Thus impulse is $=\ mv \cos \Theta\ -\ (-\ mv \cos \Theta)\ =\ 2mv \cos \Theta$

or $=\ 2\times0.15 \times15\ \cos 22.5 ^{\circ}$

or $=\ 4.16\ Kg\ m/s$

Q5.21 A stone of mass 0.25 kg tied to the end of a string is whirled round in a circle of radius 1.5 m with a speed of 40 rev./min in a horizontal plane. What is the tension in the string? What is the maximum speed with which the stone can be whirled around if the string can withstand a maximum tension of 200 N?

Answer:

We are given, frequency :

$n\ =\ \frac{40}{60}\ =\ \frac{2}{3}$

So, the angular velocity becomes :

$\omega \ =\ 2\Pi n$

By Newton's law of motion, we can write :

$T\ =\ F_{centripetal }$

or $=\ \frac{mv^2}{r}\ =\ mw^2r$

or $=\ (0.25)\left ( 2\times\Pi \times \frac{2}{3} \right )^2(1.5)$

or $=\ 6.57\ N$

Now, we are given maximum tension and we need to find maximum velocity for that :

$T_{max}\ =\ \frac{mv_{max}^2}{r}$

Thus, $v_{max}\ =\ \sqrt{\frac{T_{max}.r}{m}}$

or $=\ \sqrt{\frac{200\times 1.5}{0.25}}$

or $=\ 34.64\ m/s$

Q5.22 (a) If, in Exercise 5.21, the speed of the stone is increased beyond the maximum permissible value, and the string breaks suddenly, which of the following correctly describes the trajectory of the stone after the string breaks :

(a) the stone moves radially outwards,

Answer:

The stone should move in the direction of velocity at that instant. Since velocity is tangential at that moment so the stone will not move radially outward.

Q5.22 (b) If, in Exercise 5.21, the speed of the stone is increased beyond the maximum permissible value, and the string breaks suddenly, which of the following correctly describes the trajectory of the stone after the string breaks :

(b) the stone flies off tangentially from the instant the string breaks,

Answer:

(b) This statement is correct as the direction of velocity at the instant of the breaking of the string is tangential thus stone will move tangentially.
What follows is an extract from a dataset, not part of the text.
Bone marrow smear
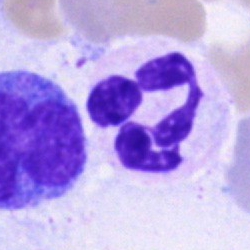 Classification = segmented neutrophil.

Q5.22 (c) If, in Exercise 5.21, the speed of the stone is increased beyond the maximum permissible value, and the string breaks suddenly, which of the following correctly describes the trajectory of the stone after the string breaks :

Answer:

The direction of velocity at the instant of breakage of the string is tangential so the stone will fly tangentially. Hence given statement is false.

Q5.23 (a) Explain why

(a) a horse cannot pull a cart and run in empty space,

Answer:

The horse moves forward by pushing ground backwards. The ground will then give the normal force to the horse (action-reaction pair), which is responsible for the movement of the horse. In an empty space, no such force is present so the horse cannot get the push to run forward. Thus, a horse cannot pull a cart and run in empty space.

Q5.23 (b) Explain why

(b) passengers are thrown forward from their seats when a speeding bus stops suddenly,

Answer:

This is because of inertia. When the bus is moving our body has the same speed. But when the bus comes to rest, the inertia of our body opposes to stop and continues its motion. That's why passengers are thrown forward from their seats when a speeding bus stops suddenly.

Q5.23 (c) Explain why

Answer:

Because when you pull the lawnmower at some angle, one component of force is in the upward direction and one in horizontal (to move). The vertical force reduces the effective weight of the motor which makes it easier. But in case of a push, the vertical force is directed downward which makes its effective weight even greater than before. That's why it is said 'pull is easier than push'.

Q5.23 (d) Explain why

(d) a cricketer moves his hands backwards while holding a catch.

Answer:

According to Newton's law, we can write :

$F\ =\ ma$

or $F\ =\ m\frac{dv}{dt}$

Thus $F\ \propto \frac{dv}{dt}$

It can be seen from the equation that if we increase the impact time then the experienced force will be lesser.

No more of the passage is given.